BEGIN DATA RECORDS

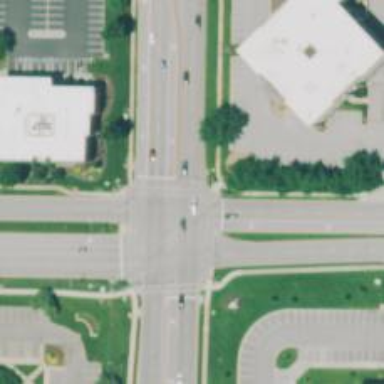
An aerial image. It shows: Marked road crossing.
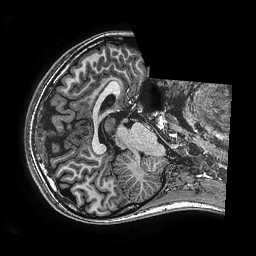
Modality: T1w
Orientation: axial
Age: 17
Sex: female
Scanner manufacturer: ge
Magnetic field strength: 3 T
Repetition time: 0.00766 s
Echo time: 0.003476 s
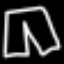
Label: pants
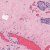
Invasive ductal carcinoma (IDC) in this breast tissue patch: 1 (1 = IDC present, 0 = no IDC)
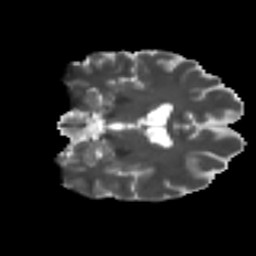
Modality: T2w
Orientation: coronal
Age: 39
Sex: male
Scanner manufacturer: ge
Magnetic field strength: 3 T
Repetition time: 7.8 s
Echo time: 0.061 s
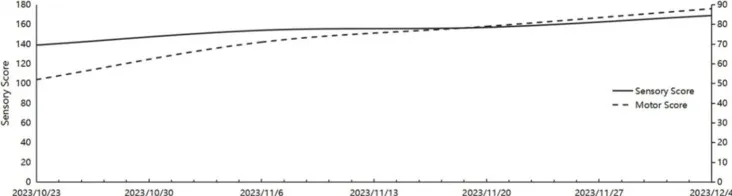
The changes of the patient's function.
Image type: chart (chart)
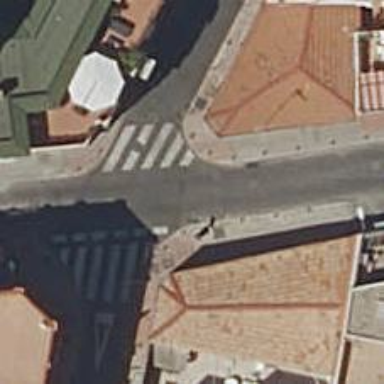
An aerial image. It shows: Unmarked crossing on the road.
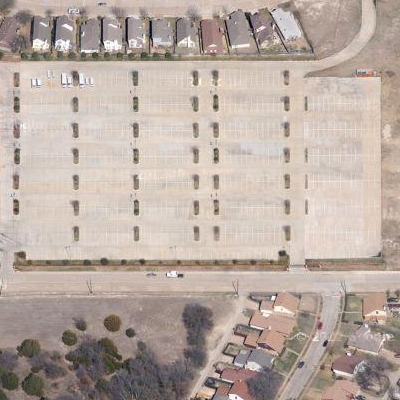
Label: Parking
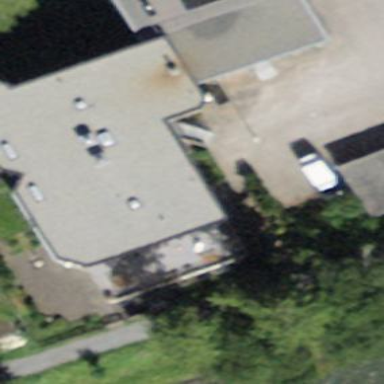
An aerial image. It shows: Flat-roofed building.
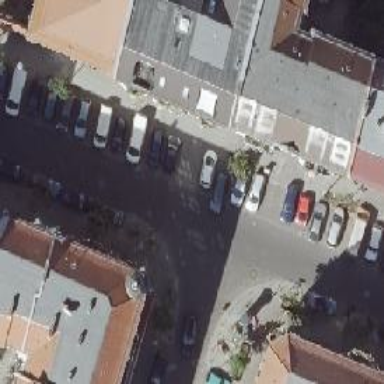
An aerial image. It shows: Residential road with asphalt surface. There are sidewalks on both sides and dedicated lane for bicycles. There is lane for parking on both sides of the road with surface made of sett.
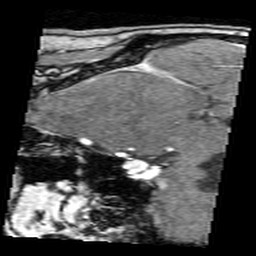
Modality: angio
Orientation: sagittal
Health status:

END DATA RECORDS

WHAT NEEDS TO BE DONE: Which lines in the data above hold the word "Orientation"? Return each of them.

ANSWER:
Orientation: axial
Orientation: coronal
Orientation: sagittal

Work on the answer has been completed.